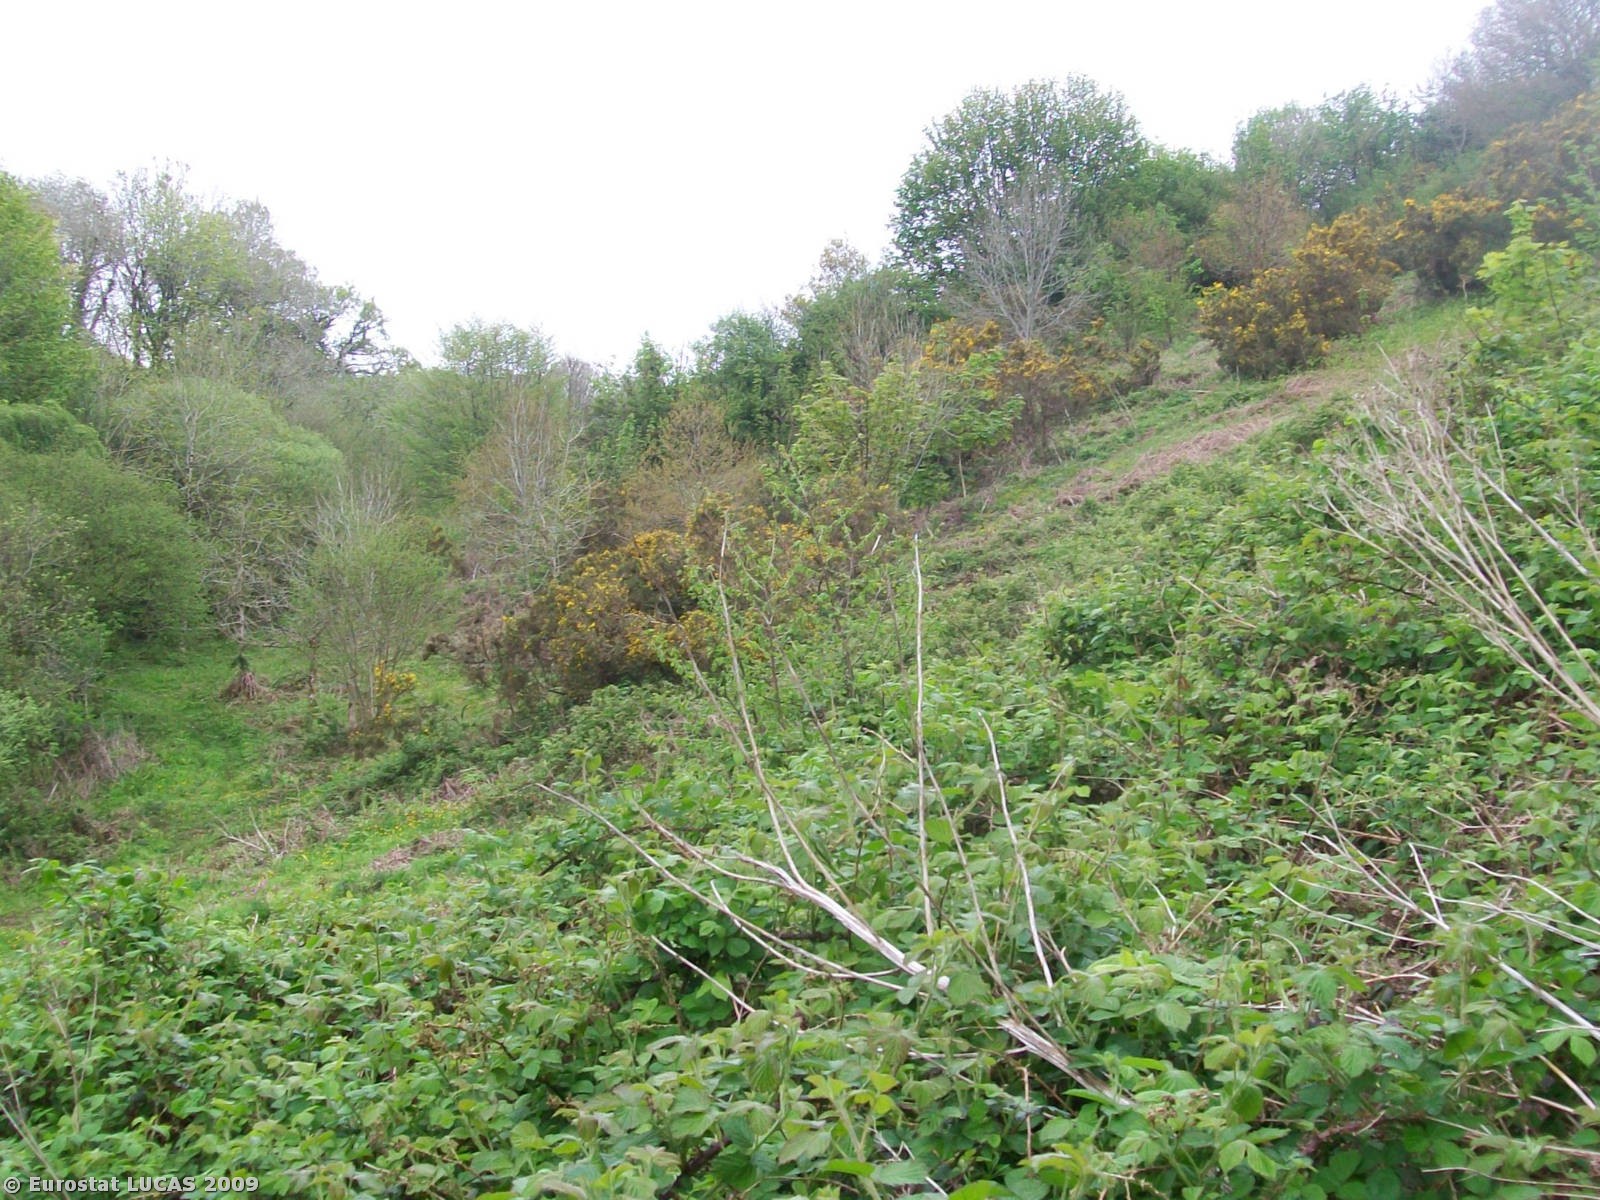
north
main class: Shrubland
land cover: Shrubland with sparse tree cover
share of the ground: > 75 %
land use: Agriculture (excluding fallow land and kitchen gardens)
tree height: > 5 m
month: May
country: GB
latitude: 50.5046
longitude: -4.2695

....................

#### Task details:
Your response should consist solely of the lines from the one containing "land cover: Shrubland with sparse tree cover" to the end of the entries, both ends included, exactly as they appear.

#### Task solution:
land cover: Shrubland with sparse tree cover
share of the ground: > 75 %
land use: Agriculture (excluding fallow land and kitchen gardens)
tree height: > 5 m
month: May
country: GB
latitude: 50.5046
longitude: -4.2695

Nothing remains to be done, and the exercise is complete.